# Indiana Tech Director



## kentdjohnson (Dec 29, 2008)

Hello everyone. I work in high school theater as the drama director and technical director at DeKalb HS in Waterloo IN. I have also been a part of a group that has built an outdoor theater for our community of Auburn IN. Theater opens next summer.
Glad to be a part of this site.

Kent Johnson
Tech Director
DeKalb HS

Outdoor Theater
DeKalb High School


----------



## rochem (Dec 29, 2008)

Welcome to ControlBooth, Kent! In looking at some of the photos of your High School productions, you seem to have a pretty strong theatre program. I really like the sets and how the lighting works with the drops in your Beauty and the Beast photos. There's some pretty sweet lighting going on in Little Shop of Horrors as well. 

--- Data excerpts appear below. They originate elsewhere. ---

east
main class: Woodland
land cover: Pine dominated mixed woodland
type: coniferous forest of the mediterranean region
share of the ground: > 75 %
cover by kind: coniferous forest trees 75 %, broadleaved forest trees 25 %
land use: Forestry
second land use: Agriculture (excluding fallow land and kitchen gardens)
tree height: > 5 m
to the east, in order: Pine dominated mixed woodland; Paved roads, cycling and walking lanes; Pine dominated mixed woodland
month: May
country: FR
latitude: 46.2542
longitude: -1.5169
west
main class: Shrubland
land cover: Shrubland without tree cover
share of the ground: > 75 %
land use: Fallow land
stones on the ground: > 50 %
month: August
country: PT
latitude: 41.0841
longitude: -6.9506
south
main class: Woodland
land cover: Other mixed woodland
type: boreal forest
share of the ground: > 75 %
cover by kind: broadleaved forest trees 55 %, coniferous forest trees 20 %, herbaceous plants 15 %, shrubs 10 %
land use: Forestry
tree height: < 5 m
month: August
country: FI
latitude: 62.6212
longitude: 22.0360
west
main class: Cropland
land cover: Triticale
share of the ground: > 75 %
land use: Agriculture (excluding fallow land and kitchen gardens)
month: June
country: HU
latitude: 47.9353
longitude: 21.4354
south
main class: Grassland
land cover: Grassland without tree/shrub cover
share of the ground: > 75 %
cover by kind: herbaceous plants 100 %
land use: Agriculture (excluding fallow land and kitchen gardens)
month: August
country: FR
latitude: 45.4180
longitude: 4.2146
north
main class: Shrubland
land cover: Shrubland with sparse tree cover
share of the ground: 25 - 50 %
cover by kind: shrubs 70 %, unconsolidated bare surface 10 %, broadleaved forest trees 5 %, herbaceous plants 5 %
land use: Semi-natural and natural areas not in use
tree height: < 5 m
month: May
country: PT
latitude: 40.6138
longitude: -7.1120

Get to be good friends with the Search feature. There's a wealth of information available here for those who take the time to look. Post any questions you may have and someone will definitely be able to help you out, if not many someones. And feel free to step in and provide answers for other questions if you have an idea. Don't be a stranger!


----------



## Kelite (Jan 14, 2010)

kentdjohnson said:


> Hello everyone. I work in high school theater as the drama director and technical director at DeKalb HS in Waterloo IN. I have also been a part of a group that has built an outdoor theater for our community of Auburn IN. Theater opens next summer.
> Glad to be a part of this site.
> 
> Kent Johnson
> ...





I don't mean to resurrect a dead post, but I had just seen another posting of yours, Kent. My name is Keith Kankovsky from Apollo Design Technology, located in Fort Wayne IN, just down the road from you. We are very familiar with FWCS, East Noble and DeKalb fine arts programs.

Welcome to the ControlBooth Kent, I hope we get the chance to bump into each other at a show soon!


----------